[Problem statement]: Without including any picture, write out the entries exactly as they stand.

[Entries supplied]:
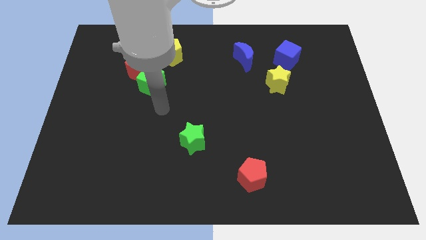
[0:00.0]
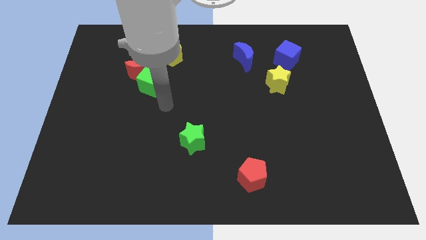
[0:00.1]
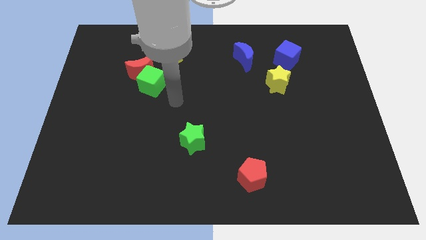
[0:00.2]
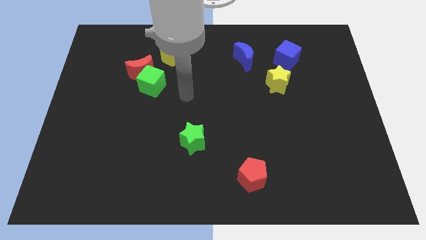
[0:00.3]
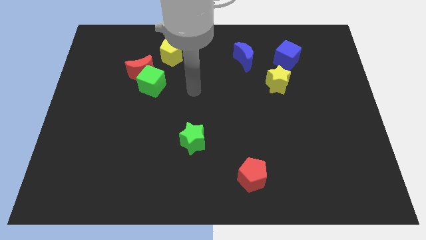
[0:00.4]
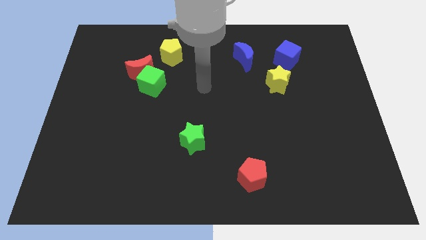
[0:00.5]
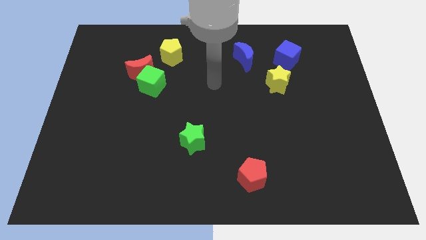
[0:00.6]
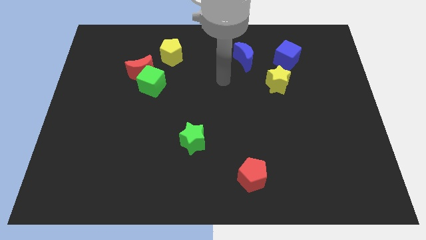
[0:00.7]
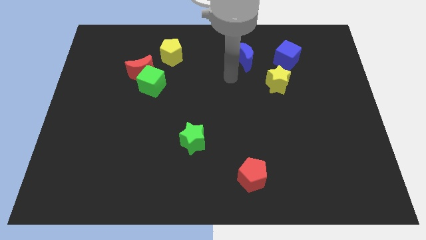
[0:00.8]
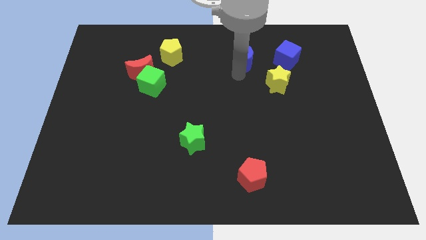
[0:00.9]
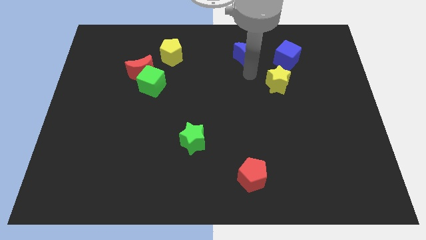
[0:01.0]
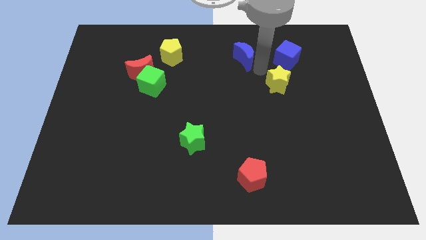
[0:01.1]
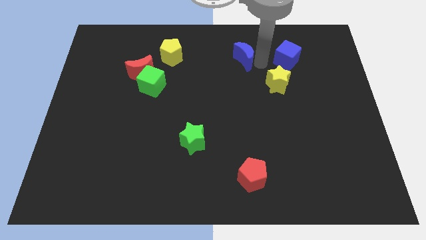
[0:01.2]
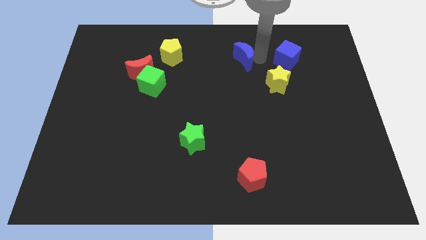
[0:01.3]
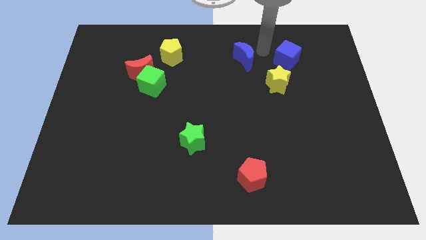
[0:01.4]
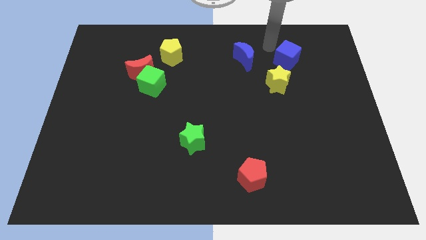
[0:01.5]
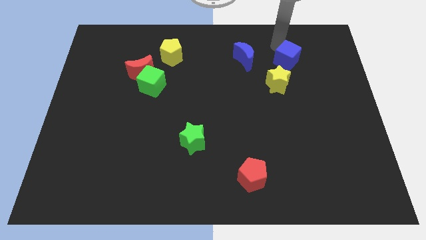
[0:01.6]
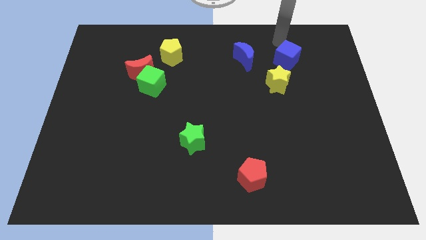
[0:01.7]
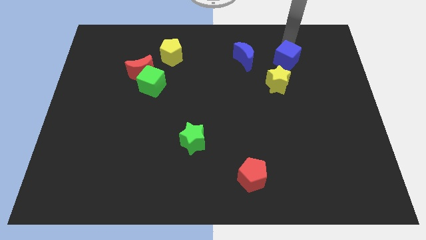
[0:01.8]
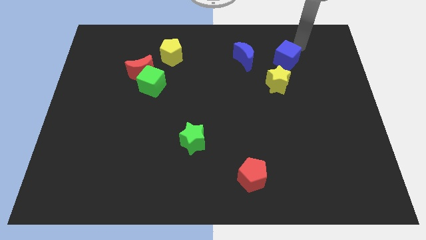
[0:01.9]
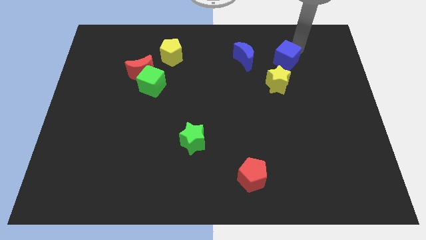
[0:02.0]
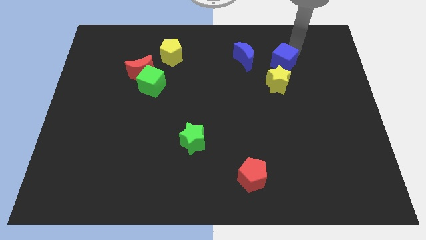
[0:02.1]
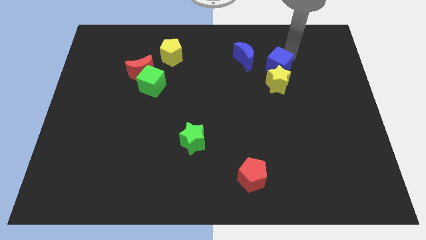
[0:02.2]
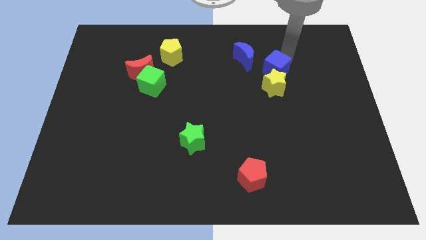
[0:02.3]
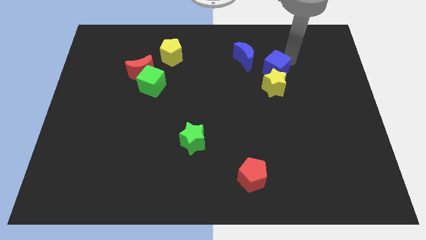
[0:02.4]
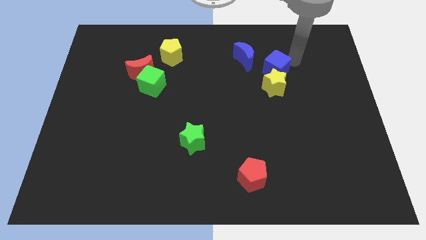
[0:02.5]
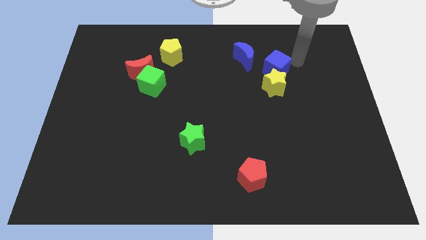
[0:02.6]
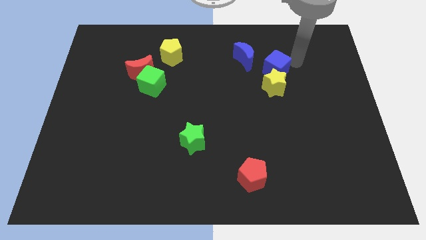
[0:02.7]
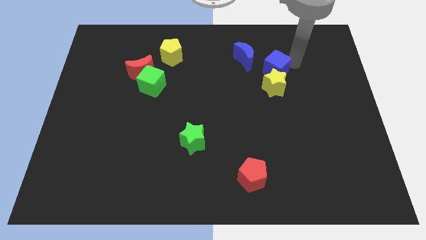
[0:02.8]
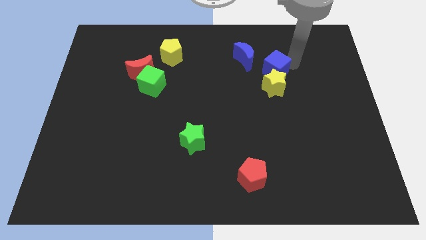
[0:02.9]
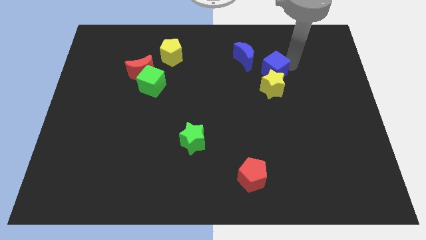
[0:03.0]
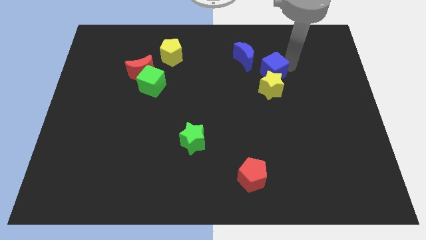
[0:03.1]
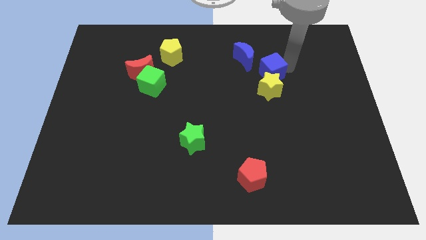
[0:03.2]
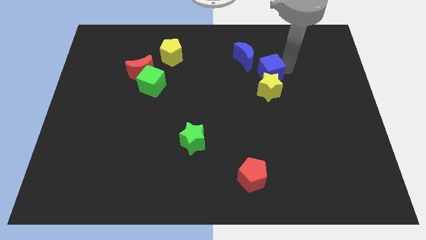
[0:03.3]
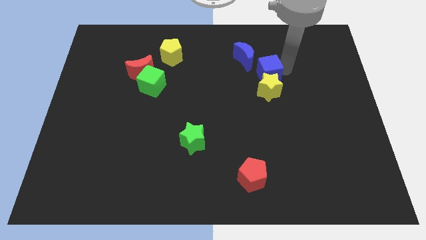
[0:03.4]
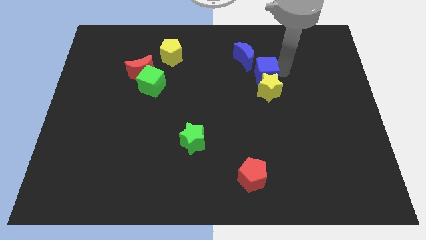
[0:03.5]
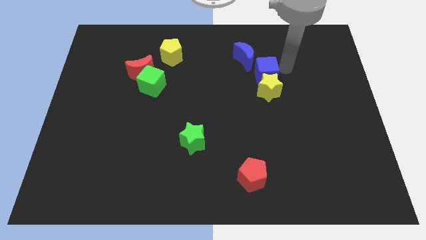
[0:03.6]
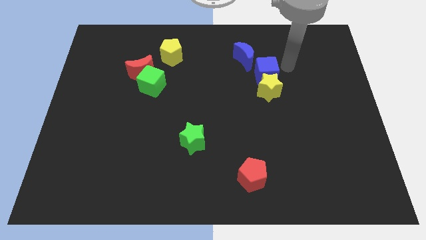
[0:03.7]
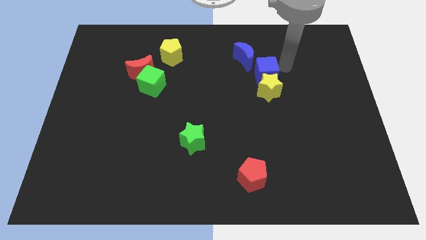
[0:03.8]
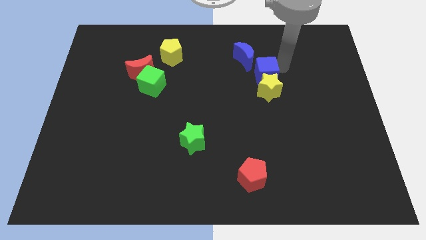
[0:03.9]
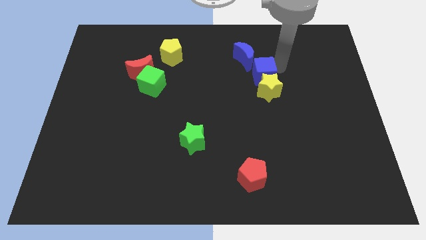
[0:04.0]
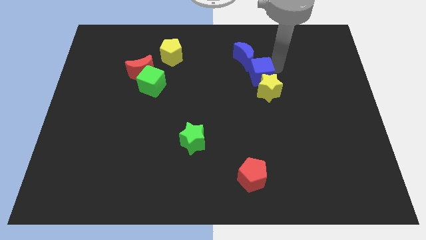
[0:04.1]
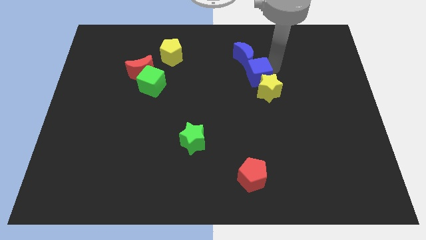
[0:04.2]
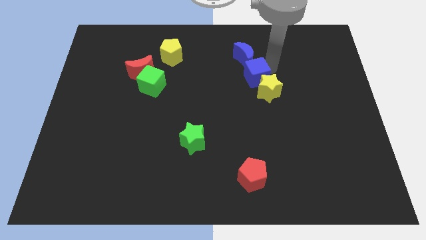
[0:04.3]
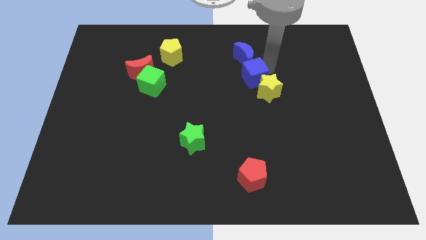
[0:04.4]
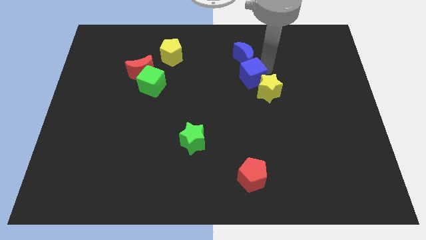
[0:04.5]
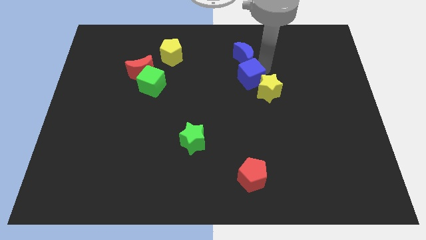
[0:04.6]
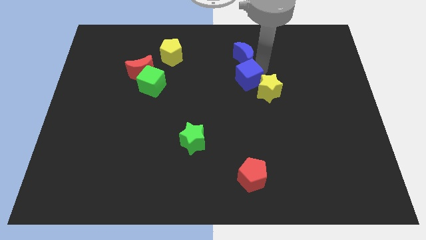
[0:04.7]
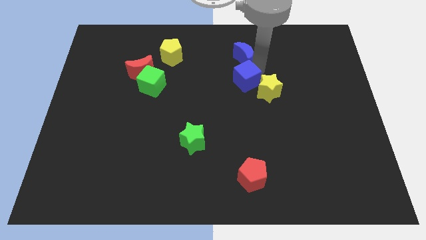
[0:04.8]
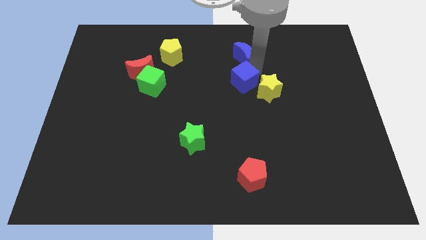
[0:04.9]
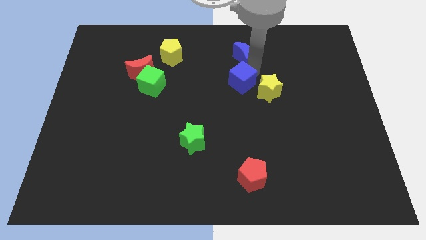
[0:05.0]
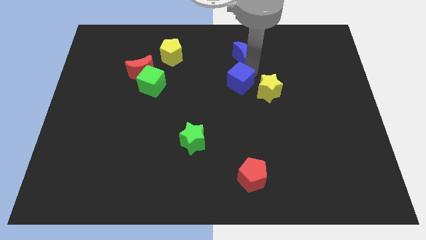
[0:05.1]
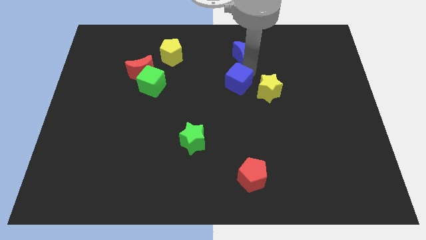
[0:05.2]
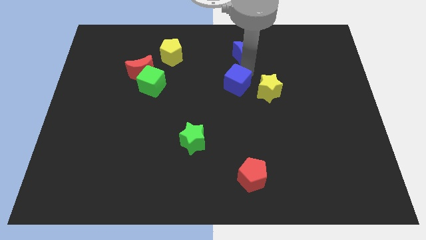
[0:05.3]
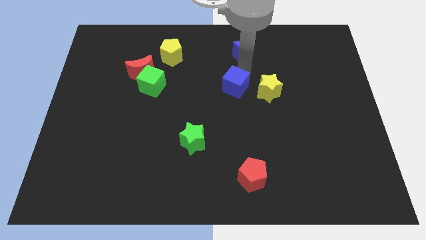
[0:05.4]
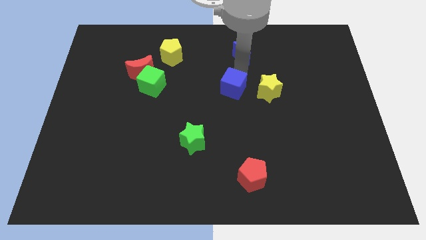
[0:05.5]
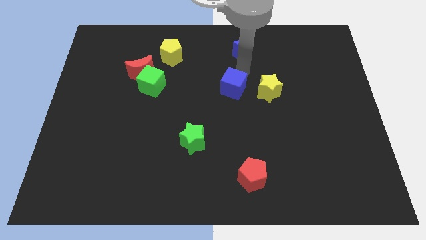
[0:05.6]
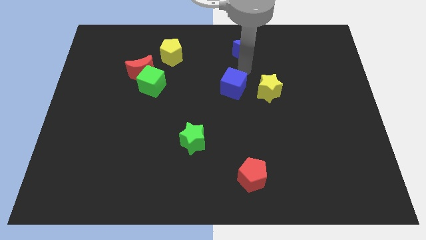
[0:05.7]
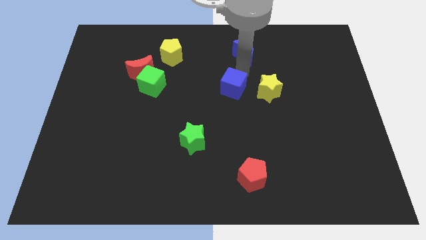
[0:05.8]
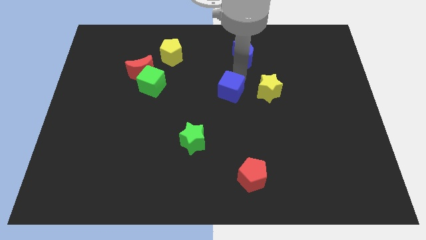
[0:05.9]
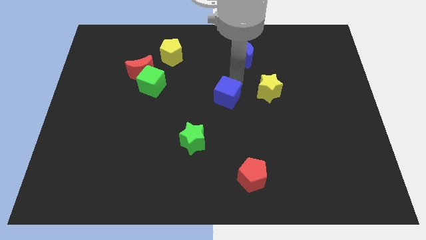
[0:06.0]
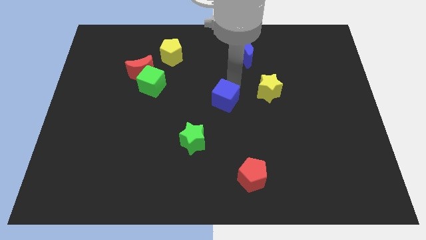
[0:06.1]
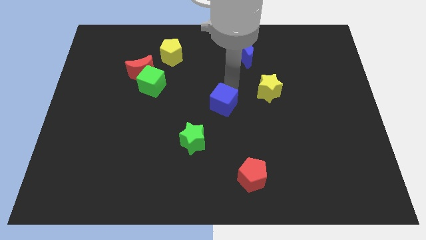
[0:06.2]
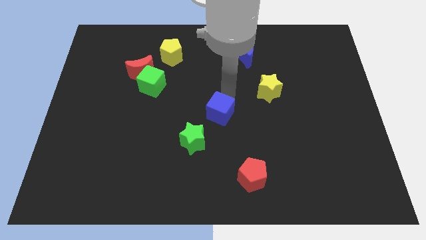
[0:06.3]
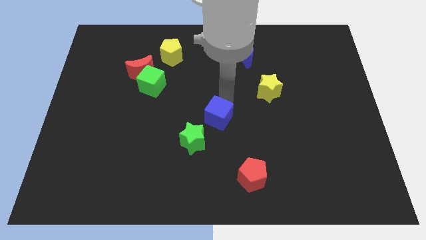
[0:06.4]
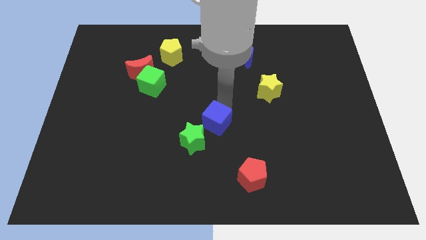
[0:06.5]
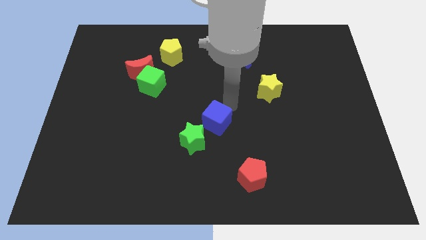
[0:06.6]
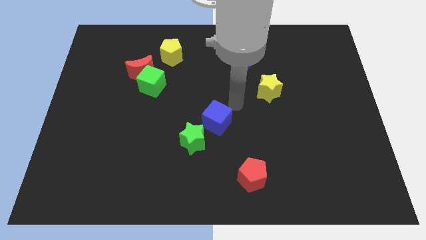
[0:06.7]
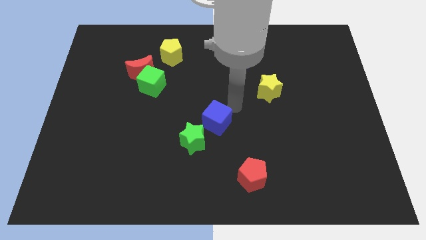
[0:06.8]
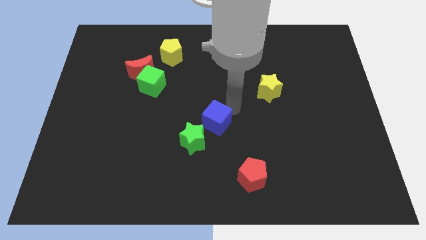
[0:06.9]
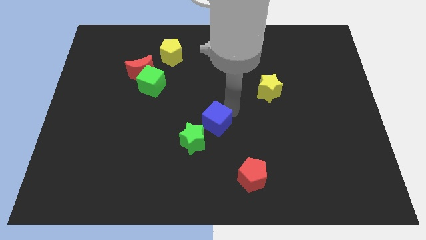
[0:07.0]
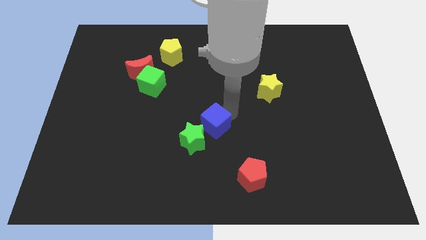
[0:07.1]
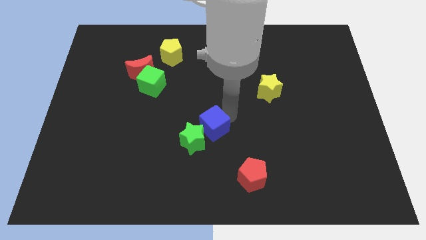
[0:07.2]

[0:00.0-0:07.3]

[Result]:
[0:00.0]
[0:00.1]
[0:00.2]
[0:00.3]
[0:00.4]
[0:00.5]
[0:00.6]
[0:00.7]
[0:00.8]
[0:00.9]
[0:01.0]
[0:01.1]
[0:01.2]
[0:01.3]
[0:01.4]
[0:01.5]
[0:01.6]
[0:01.7]
[0:01.8]
[0:01.9]
[0:02.0]
[0:02.1]
[0:02.2]
[0:02.3]
[0:02.4]
[0:02.5]
[0:02.6]
[0:02.7]
[0:02.8]
[0:02.9]
[0:03.0]
[0:03.1]
[0:03.2]
[0:03.3]
[0:03.4]
[0:03.5]
[0:03.6]
[0:03.7]
[0:03.8]
[0:03.9]
[0:04.0]
[0:04.1]
[0:04.2]
[0:04.3]
[0:04.4]
[0:04.5]
[0:04.6]
[0:04.7]
[0:04.8]
[0:04.9]
[0:05.0]
[0:05.1]
[0:05.2]
[0:05.3]
[0:05.4]
[0:05.5]
[0:05.6]
[0:05.7]
[0:05.8]
[0:05.9]
[0:06.0]
[0:06.1]
[0:06.2]
[0:06.3]
[0:06.4]
[0:06.5]
[0:06.6]
[0:06.7]
[0:06.8]
[0:06.9]
[0:07.0]
[0:07.1]
[0:07.2]

[0:00.0-0:07.3]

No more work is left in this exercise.